NASA scientists develop new technique to spot failing infrastructure from space
INTERNATIONAL – NASA scientists have developed a new technique for analyzing satellite data that can reveal subtle structural changes, according to a release of NASA's Jet Propulsion Laboratory (JPL) on Tuesday.
These changes, which are so subtle that are not visible to the naked eye, may indicate a bridge is deteriorating, said JPL. After the collapse of the Morandi Bridge near Genoa, Italy, in August 2018, which killed dozens of people, a team of scientists from NASA, the University of Bath in England and the Italian Space Agency used synthetic aperture radar measurements from several different satellites and reference points to map structural changes to the bridge -- from 2003 to the time of its collapse.
Using a new process, they were able to detect millimetre-size changes to the bridge over time that would not have been detected by the standard processing approaches applied to spaceborne synthetic aperture radar observations.
They found that the deck next to the bridge's collapsed pier showed subtle signs of change as early as 2015.
They also noted that several parts of the bridge showed a more significant increase in structural changes between March 2017 and August 2018 -- a hidden indication that at least part of the bridge may have become structurally unsound, according to JPL.
"This is about developing a new technique that can assist in the characterization of the health of bridges and other infrastructure," said JPL radar scientist Pietro Milillo.

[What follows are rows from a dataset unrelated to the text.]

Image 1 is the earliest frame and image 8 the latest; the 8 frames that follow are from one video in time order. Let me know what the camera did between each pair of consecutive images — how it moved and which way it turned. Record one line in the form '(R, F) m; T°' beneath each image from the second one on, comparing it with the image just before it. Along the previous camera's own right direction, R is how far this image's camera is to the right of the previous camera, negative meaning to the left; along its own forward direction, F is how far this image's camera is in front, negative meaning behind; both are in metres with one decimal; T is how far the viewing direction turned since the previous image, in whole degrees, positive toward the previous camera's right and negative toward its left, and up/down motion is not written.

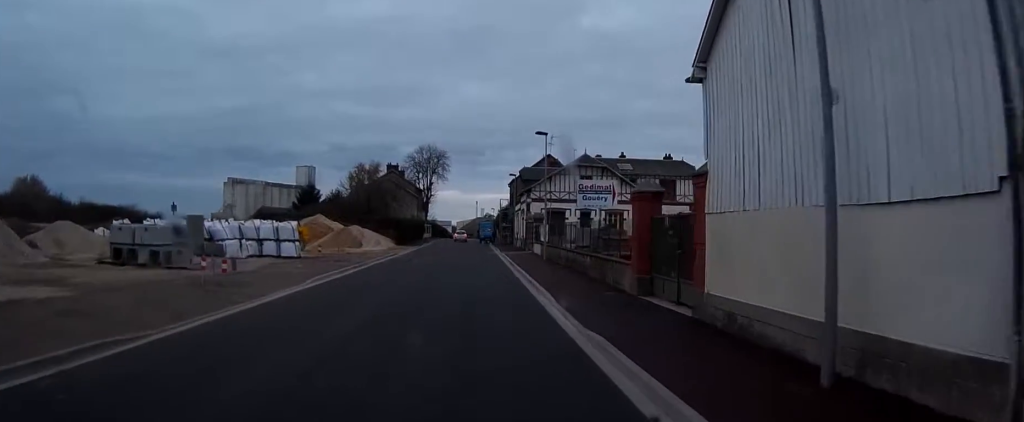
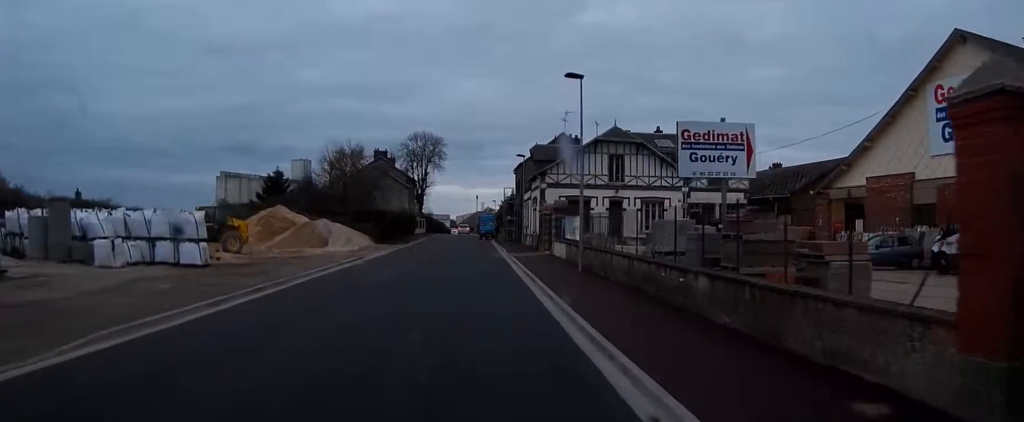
(+0.2, +15.5) m; +1°
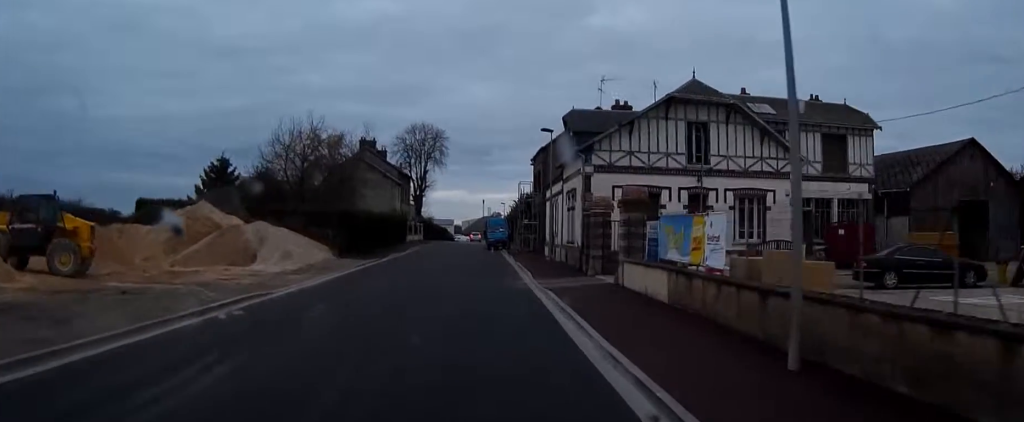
(-0.1, +18.7) m; 0°
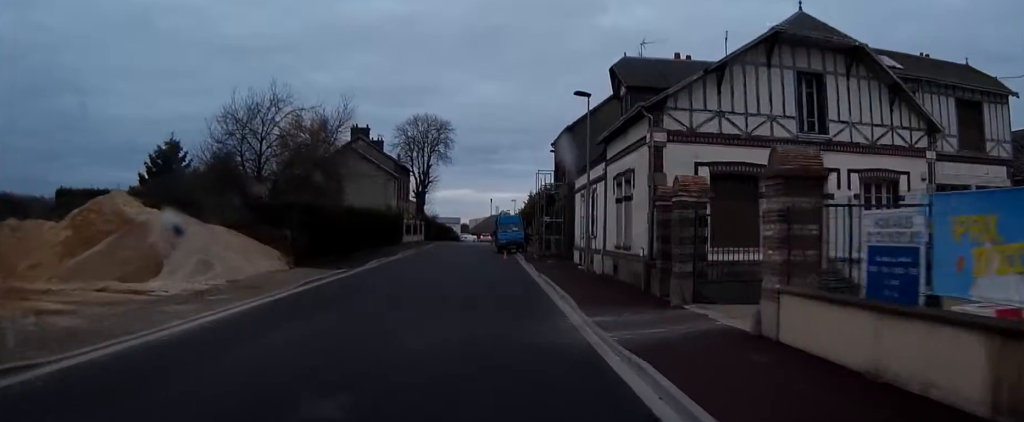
(0.0, +11.7) m; 0°
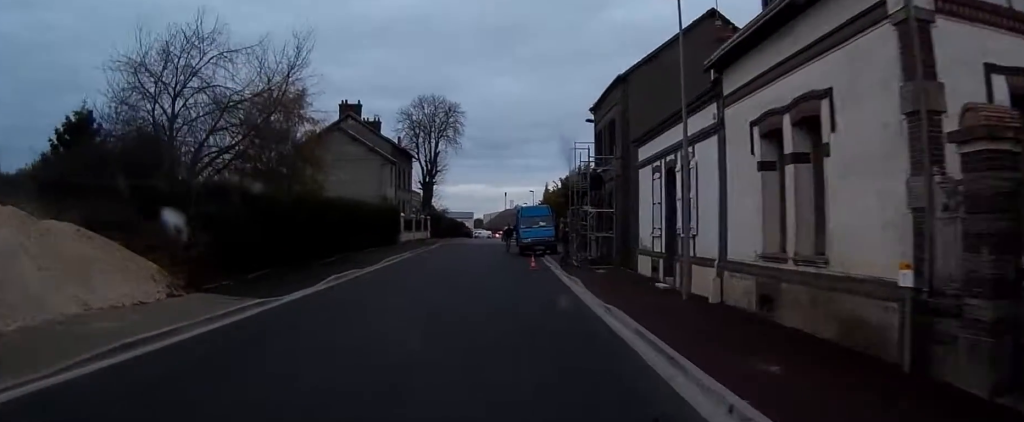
(-0.1, +12.8) m; -1°
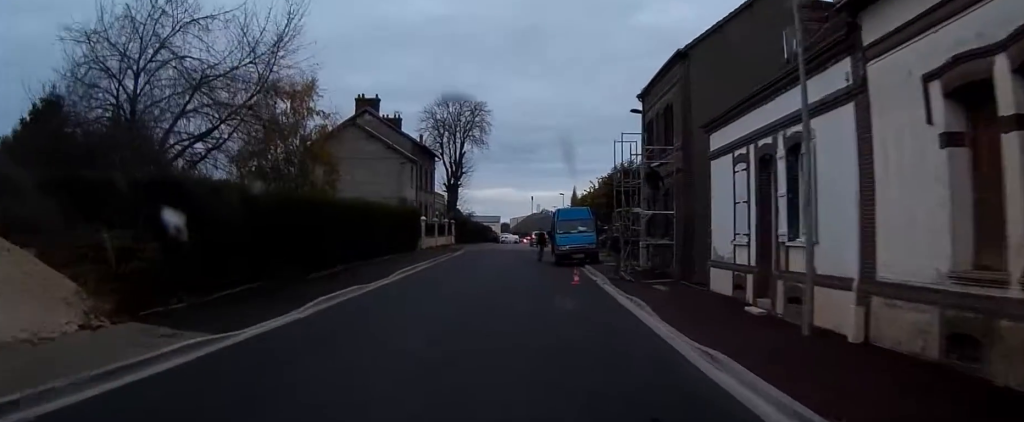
(0.0, +5.5) m; -1°
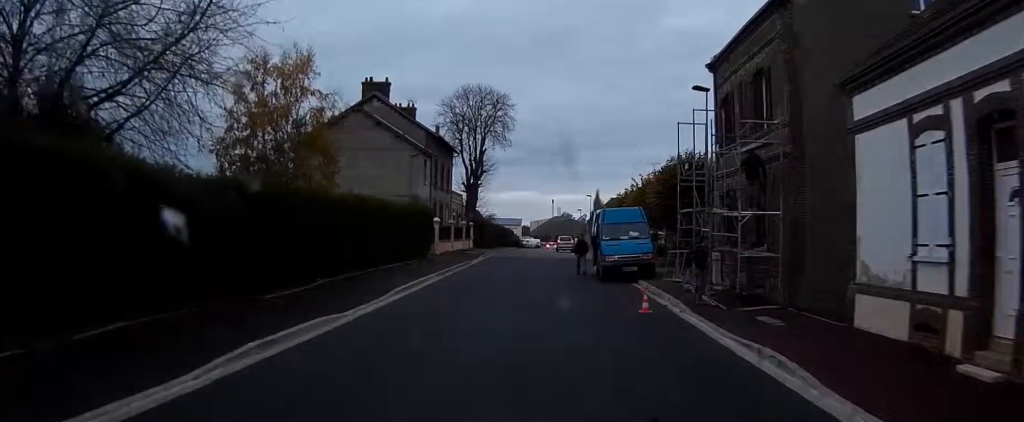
(-0.1, +7.9) m; 0°
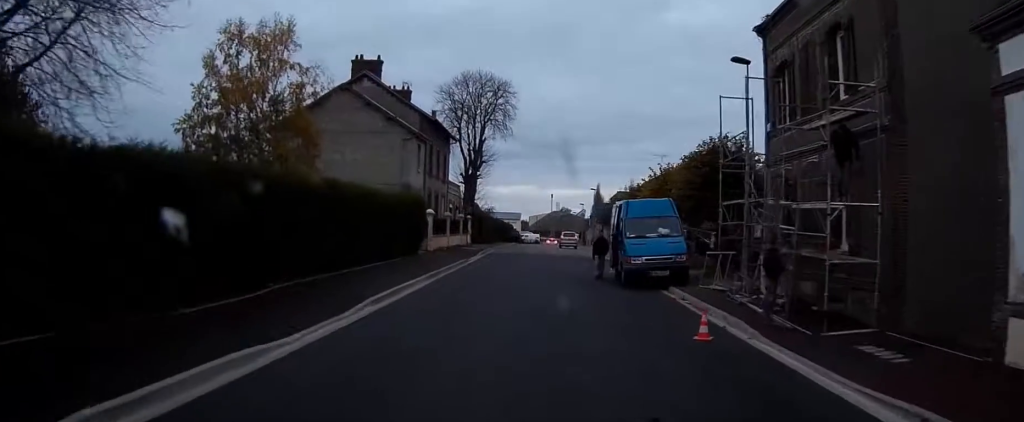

"We couldn't have forecasted this particular collapse because standard assessment techniques available at the time couldn't detect what we can see now. But going forward, this technique, combined with techniques already in use, has the potential to do a lot of good."
He said the new technique cannot solve the entire problem of structural safety, but can add a new tool to the standard procedures to better support maintenance considerations.
The study was recently published in the journal Remote Sensing.